CSB also issued letters to 49 states, warning of the hazards associated with gas blows and urging state officials to enact necessary changes in their state regulations and codes to prohibit gas blows at power plants and similar facilities.  Keep proper gas line maintenance procedures in mind when evaluating gas line failure subrogation matters. 

Car Fire Cases: Recalling the Recall

Defective car cases can be challenging to pursue.   When the car is subject to a recall, recovery potential usually improves.  If the vehicle’s owner knew about the recall and had the repairs done, do not despair—many times those repairs are inadequate.

One example is the defective Ford speed control deactivation switches.   The switches have been the subject of recalls since 1999 and continuing through to 2009.   However, on February 2, 2008, Ford issued a "recall of the recall" as to 225,000 of its previously recalled cars that had supposedly been "fixed."   The problem, as portrayed by Ford, was that a certain batch of fused wiring jumper harnesses installed in vehicles had "defective fusing."   Sources would later say that the problem was also an ambiguity in the service instructions, causing technicians to make mistakes in executing the fix.

Another example is the recall campaign for the 2001-2004 Mazda Tributes, which described the problem with the ABS modules as follows:

What is the problem?
…. [T]he Anti-lock Brake System (ABS) Module connector may have missing or dislodged wire seals.  This condition could allow contamination to enter the module connector creating a potential for an electrical short.  …. This condition could occur either when the vehicle ignition switch is in the off position or while the vehicle is being operated.

This recall fails to explain the root cause of the defect and how that problem is addressed by the “fix”.  Rather, significant discretion is given to the service technician to decide whether to repair or replace the harness connector (“as appropriate”) and the connector to the ABS module, which gives much opportunity for human error.

In sum, the fact that recall work was done does not necessarily destroy your subrogation case.  In fact, it may open up more questions about the effectiveness of the recall and provide an additional theory of liability in certain circumstances.

Careless Smoking by Defendant's Employee: Beware the "Course and Scope" Defense

Subrogating the discarded cigarette case can burn out quickly or really catch fire.  If your insured caused it, subrogation may be a problem.  But when a defendant causes it, potential subrogation, right?  Perhaps.  Take, for example, the case of a store clerk who throws a discarded cigarette on the pine needles that serve as a landscaping bed outside the building while on a smoking break.  The clerk works for a business that runs a store.  You insure the neighboring building.  Clear winner against the clerk’s employer?

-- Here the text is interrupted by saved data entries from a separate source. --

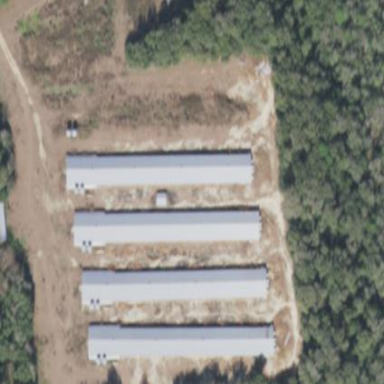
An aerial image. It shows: Poultry farmyard is depicted in the image.
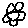
Label: flower
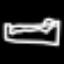
Label: bed
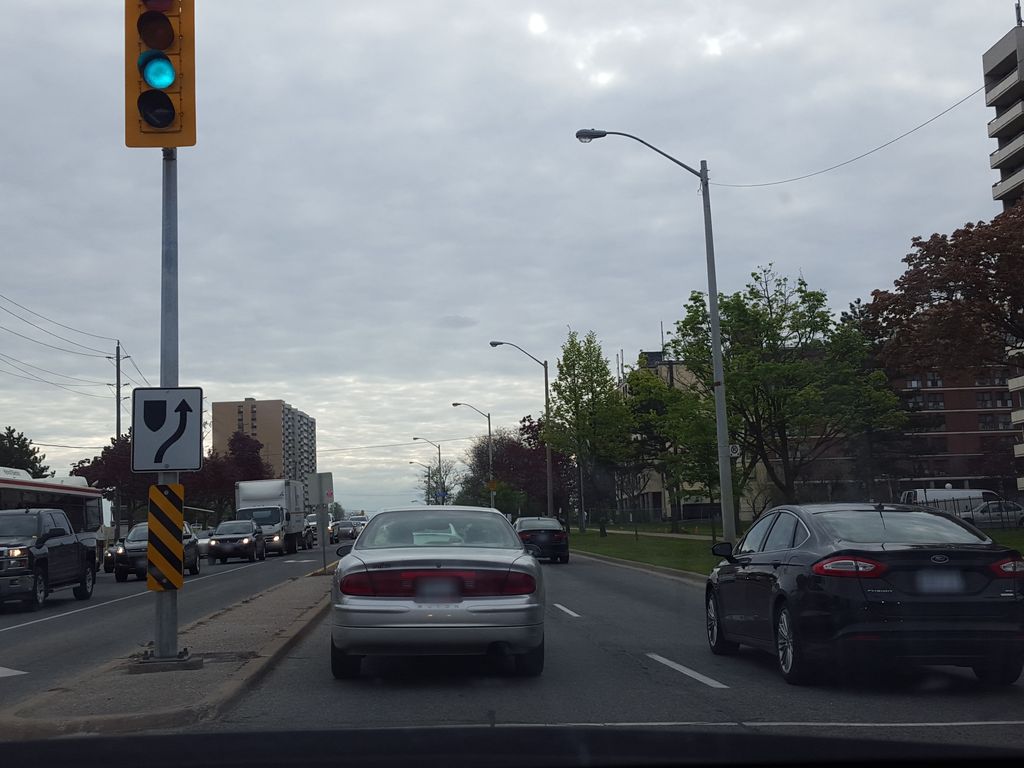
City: toronto
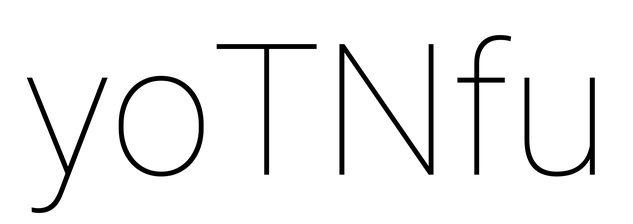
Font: Roboto_Thin
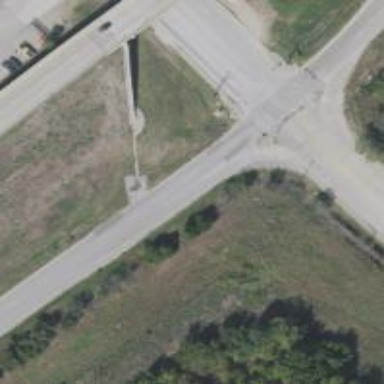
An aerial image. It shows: Secondary road with frontage road.
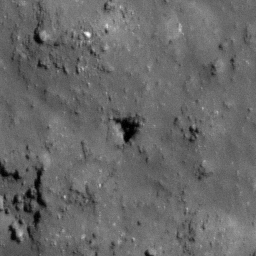
Pit: Tharp 5
Host crater: Tharp
Host type: impact_melt
Lunar coordinates: latitude -30.611, longitude 145.72
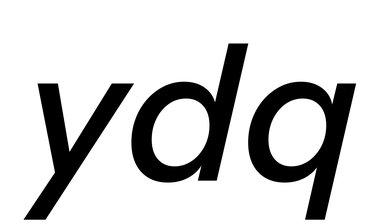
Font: InstrumentSans-Italic_Medium_Italic
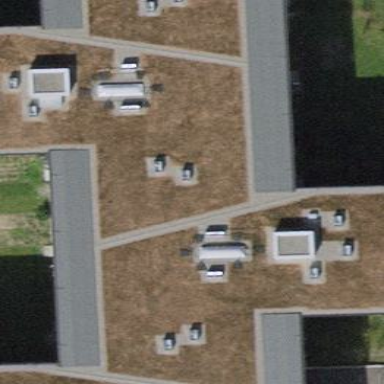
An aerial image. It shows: White residential building with flat roof made of gravel.
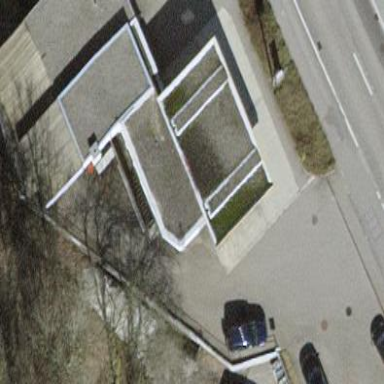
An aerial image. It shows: Fuel station with roof.
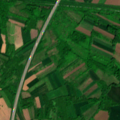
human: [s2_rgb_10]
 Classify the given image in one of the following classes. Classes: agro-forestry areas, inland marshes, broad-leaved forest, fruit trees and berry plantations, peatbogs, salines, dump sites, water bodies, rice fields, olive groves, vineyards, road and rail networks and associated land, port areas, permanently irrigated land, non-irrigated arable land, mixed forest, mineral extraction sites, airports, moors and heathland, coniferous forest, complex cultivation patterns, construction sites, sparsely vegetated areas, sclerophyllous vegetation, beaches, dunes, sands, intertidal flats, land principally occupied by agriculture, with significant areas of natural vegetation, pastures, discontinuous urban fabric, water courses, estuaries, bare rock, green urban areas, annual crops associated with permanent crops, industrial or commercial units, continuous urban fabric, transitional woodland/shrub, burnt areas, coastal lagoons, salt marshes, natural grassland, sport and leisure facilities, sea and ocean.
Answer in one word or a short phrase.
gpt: non-irrigated arable land, complex cultivation patterns, land principally occupied by agriculture, with significant areas of natural vegetation
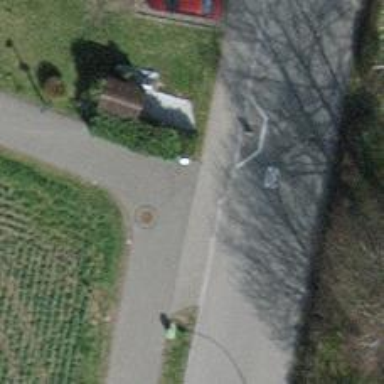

Not so fast.  You still need to prove the employee’s smoking was done “in the course and scope of employment” for an employer to be held vicariously liable for the acts of the employee.  

 

The “Furtherance of Employer’s Interests” Test

Is smoking a cigarette in furtherance of an employer’s interests?  That is the standard applied by most courts when determining if the act was in the course and scope of employment.  See, e.g., Lange v. National Biscuit Co., 297 Minn. 399, 211 N.W. 2d 783 (1973); Minamayor Corp. v. Paper Mill Suppliers, Inc., 297 F. Supp. 524, 526 (E. D. Pa. 1969); Edgewater Motels, Inc. v. A. J. Gatzke, 277 N.W.2d 11; 1979 Minn. LEXIS 1381 (Minn. 1979).

 

Case By Case Basis: Factors to Consider

Courts have found smoking to be considered in furtherance of the employer’s interests depending on the circumstances.  Factors relevant to the analysis include:

 

- Whether the smoking occurs substantially within authorized time and space restrictions.

- Whether the smoking is a minor deviation from the employee's work-related activities .

- Whether the employer's assent was given or may be fairly assumed.

- Whether the smoking was known to occur or reasonably expected.

 

Application

Knowing to address these issues early will help you analyze more thoroughly the potential vicarious liability of the defendant.  It may also help develop potential spread theories, even if it turns out the smoking was outside the course and scope or was done by a customer or passerby or even your own insured.  For example, if the store owner knows customers or passersby regularly discard cigarettes in the area, the store owner might be liable for failure to provide cigarette towers or failure to select landscaping less combustible than the pine needles used in our fact pattern.  Questions to pose of the store clerk and employer might include:

 

- Did you smoke in a designated area at the designated time?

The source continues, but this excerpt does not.